Assuming you have Offfice 2003 or later, …

It’s one of the optional tools that may or may not have been installed depending on who did the install & what SKU of Office you have (student, home, pro, etc).

On the start menu look under Microsoft Office -> Tools -> Document Imaging (the exact name varies from version to version, but this is close).

That program can open TIFFs & make word docs from them with just a couple clicks. If you have a scanner properly set up, it can also pull the scan directly.

For computer-printed text the OCR rate is nearly 100%. For typeset books it’s pretty good provided you can get the pages 100% flat; it does NOT like where the words curve into the binding margin.

For faxes of photocopies of chldren’s handwriting, OCR works not so much.

SimpleOCR has a stand alone freeware OCR prog to demo their OCR SDK. Don’t know if it’s any good. (I installed it, then found I’d got an OCR bundled with something else)
You have to register to download and the free version doesn’t handle handwriting

Dang. I have Office 2001. I’ll try the Simple OCR app. Thanks.

You said in the OP that you’re going to scan the book. Doesn’t your scanner have some variety of OCR software. I bought a fairly cheap (<$100) Canon 4400F recently, and it has OCR software bundled on the CD. Also, if you can find yourself a copy of Adobe Acrobat Pro, it has OCR included.

No, the scanner has no such software. And I have Acrobat regular; Pro is like $500.

Distributed Proofreading has an OCR pool that will accept scans from anyone, and run it thru their high-quality, professional OCR programs, and then send it on to the DP proofreading process and on to Project Gutenberg.

So when you have scans, they will do the OCR for you.

More info is here: http://www.pgdp.net/phpBB2/viewtopic.php?t=4957

Awesome! Thanks!

I did a quick look at SourceForge.net and found 49 references to OCR software. I have to meet some friends for dinner, so I haven’t researched better, but I saw one or two that might fit your needs.
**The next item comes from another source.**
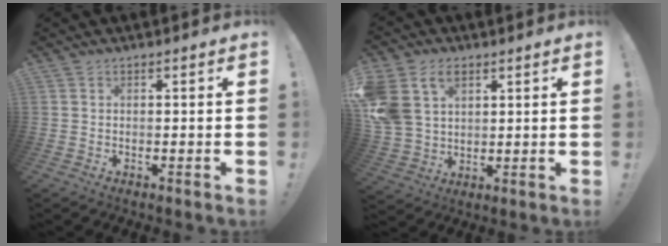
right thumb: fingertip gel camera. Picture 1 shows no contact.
{"total": 12.9, "force": [5.9, 9.2, 6.8], "torque": [-0.143, -0.020, 0.118]}
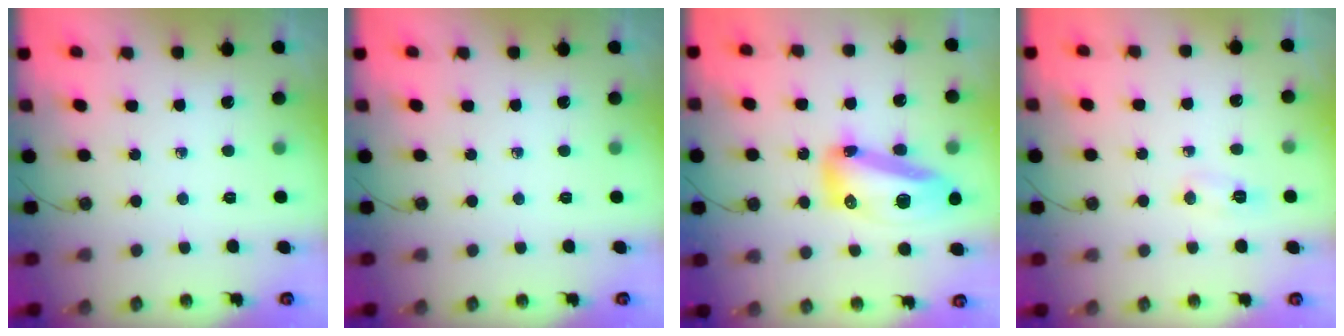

http://sourceforge.net/search/?type_of_search=soft&words=ocr

The people at Distributed Proofreaders who do OCR work (not me, mostly) keep a close eye on open-source OCR projects, and so far, haven’t found one that they recommend.

To quote the site administrator

But often a version that is one or two releases behind the current version works fine for their proofreading needs, and many people obtain such an older version for a very cheap price from ebay or similar sites.

ABBYY is free to try and has 15 free tries. Then to buy, it costs about $200.